TSA staffers proposed allowing smaller knives, ice picks, scissors and bows and arrows back onto flights, according to the Washington Post, which first wrote about the proposals. The easing of the security restrictions for those types of potential weapons was made because TSA evaluators deemed them to be of low risk.
News of the TSA proposal and the continued increase in items caught passing through airport security drew congressional concern Monday.
“I’m glad that TSA is reviewing its screening practices, which several Democratic committee members and I have called for in the past, because after all there is a world of difference between a firearm and cuticle scissors,” said Rep. Bennie Thompson, D-Miss., ranking member of the House Committee on Homeland Security. “But, I do hope TSA will move forward with caution since the risk that a terrorist would try to overtake a plane has not gone away,” Thompson said. “We’ll also be watching with great interest to be sure that these changes don’t mean the pendulum swings so far that travelers are made less safe or indiscriminately profiled.”

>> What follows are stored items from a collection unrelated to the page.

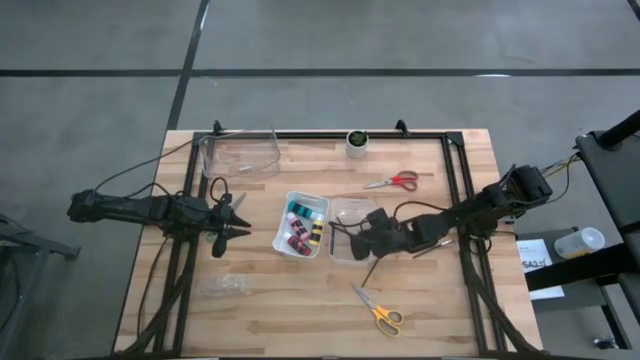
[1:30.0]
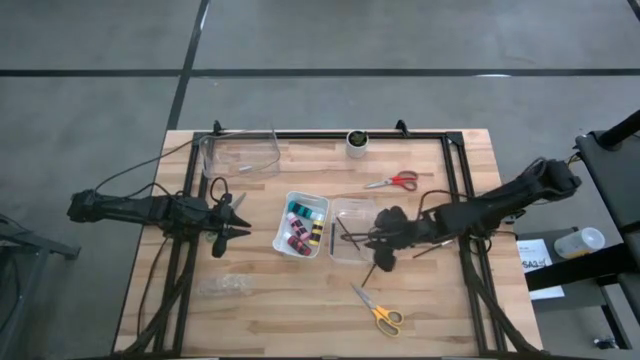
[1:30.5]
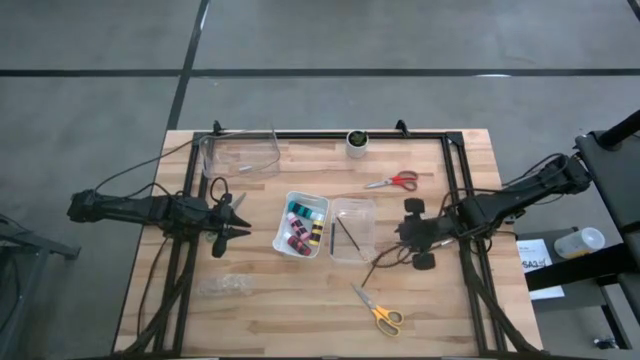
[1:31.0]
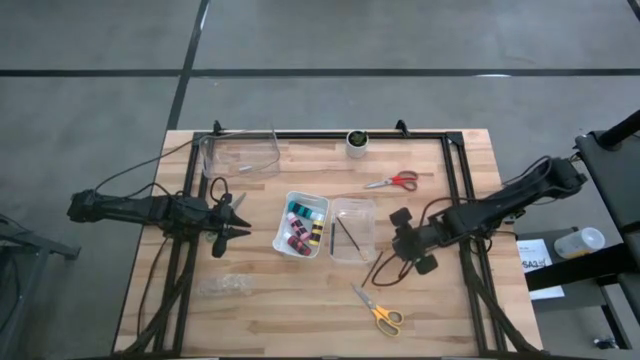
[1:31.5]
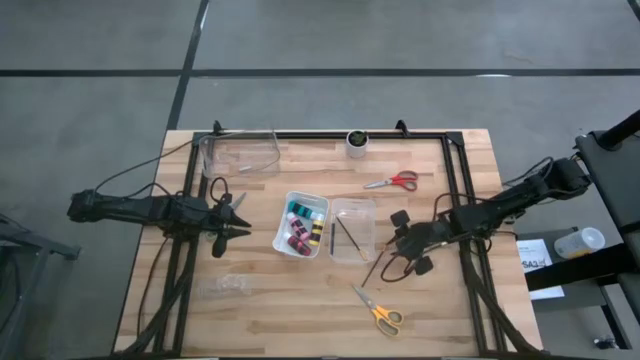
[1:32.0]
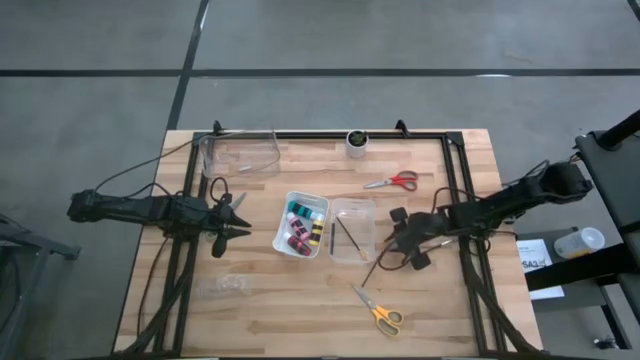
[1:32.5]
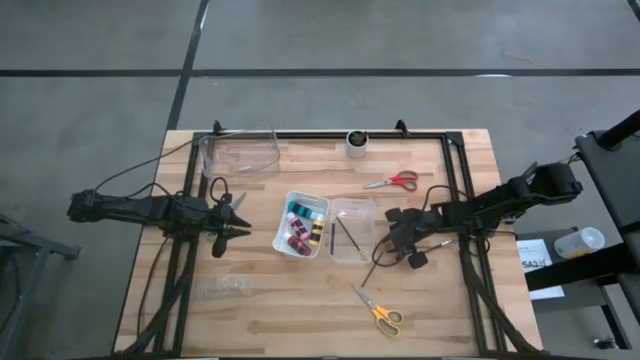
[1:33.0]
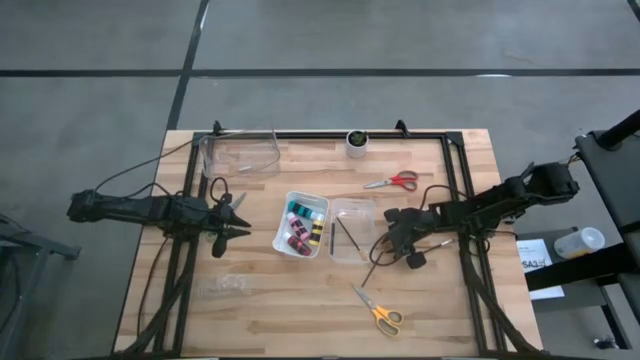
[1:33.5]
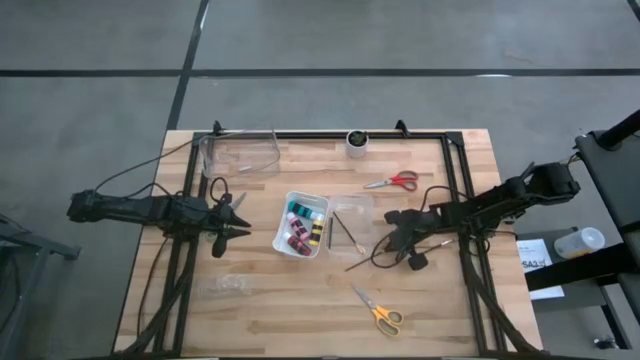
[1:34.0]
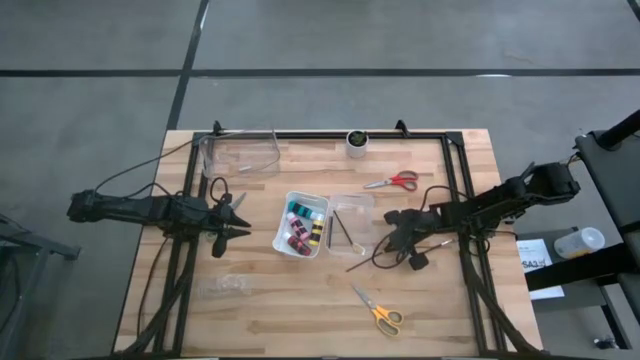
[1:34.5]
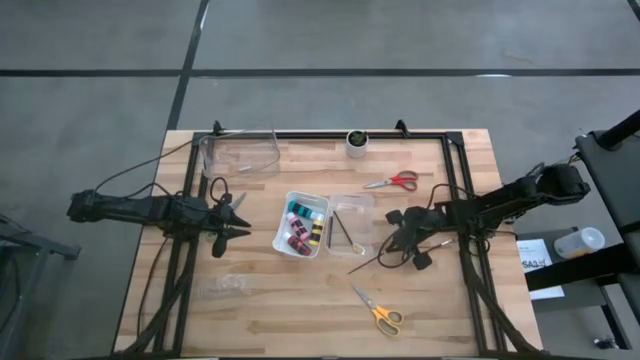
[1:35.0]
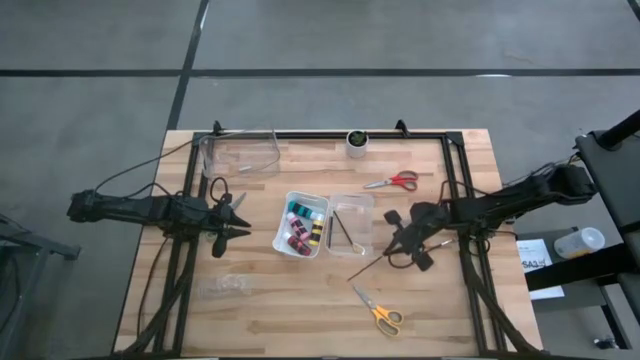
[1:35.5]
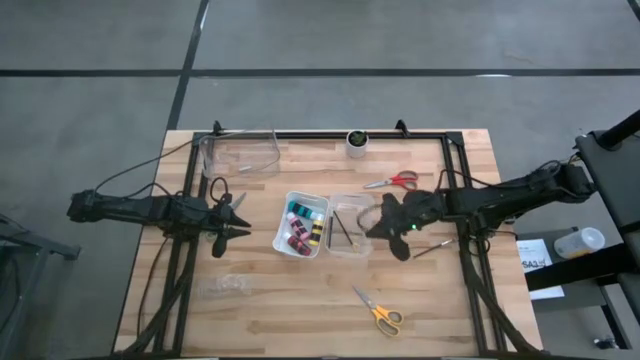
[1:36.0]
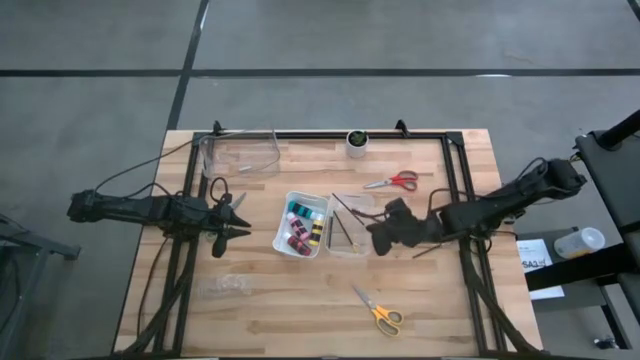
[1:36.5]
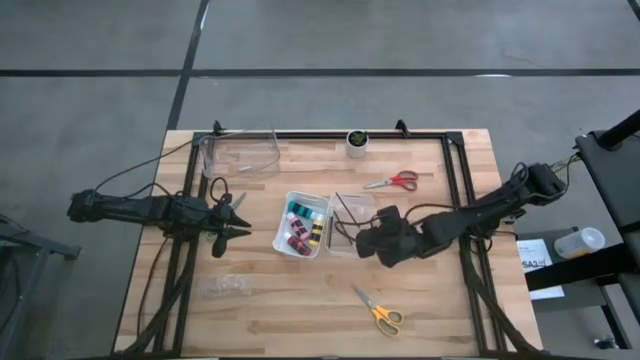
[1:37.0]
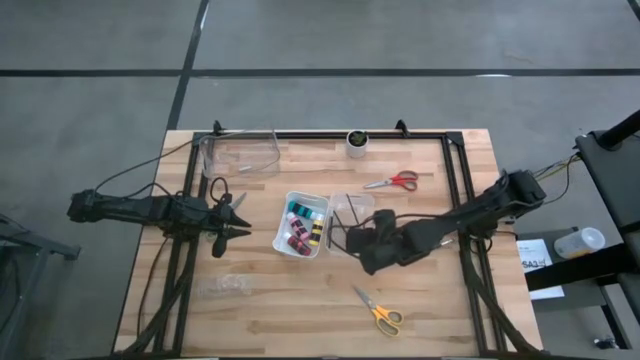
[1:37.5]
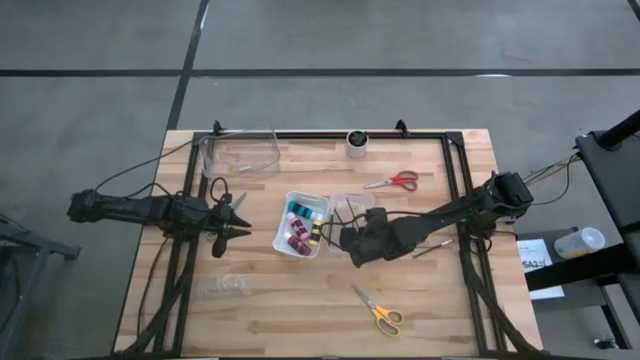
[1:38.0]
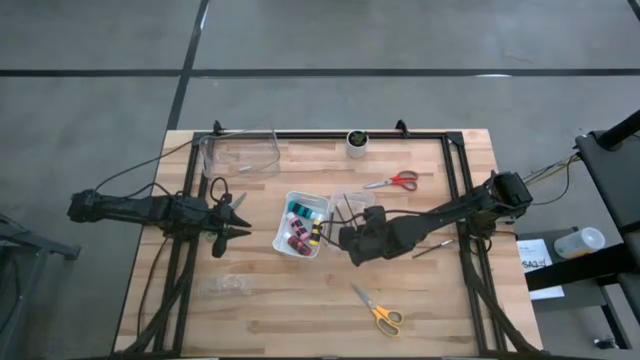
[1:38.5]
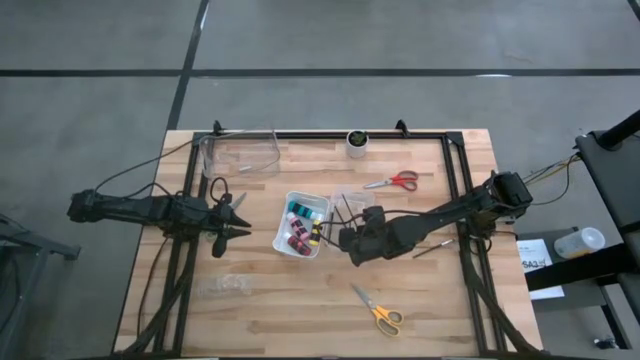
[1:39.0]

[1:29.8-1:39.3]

One security expert brushed aside both the TSA’s proposed revisions and the news of increased weapons grabbed at security check points.
“This is not a relaxation in security, you can’t relax what you don’t have,” said Mike Boyd, an aviation security expert and head of the Colorado-based Boyd Group. “It’s a change in the screening process,” Boyd said of the potential change in the TSA’s banned items list.
Furthermore, Boyd isn’t surprised or concerned at the record number of firearms and other potential weapons found on airline passengers. “Not one of them has been confiscated from a terrorist,” Boyd said. “Not one of them was confiscated from anybody who was going to do damage to an airplane.”
Noting that you can make a weapon by shaving the edge of a credit card to “slit somebody’s throat,” Boyd said he didn’t have any problem with allowing knives or other such objects on board a plane. “The real issue is what can get on the airplanes from other sources,” he said. Terrorists are going to have others get their weapons on board, Boyd said. “They’ll have their buddy cleaning the plane do it for them,” he said. “Remember a terrorist cell is just that, it’s a well-planned group of people.”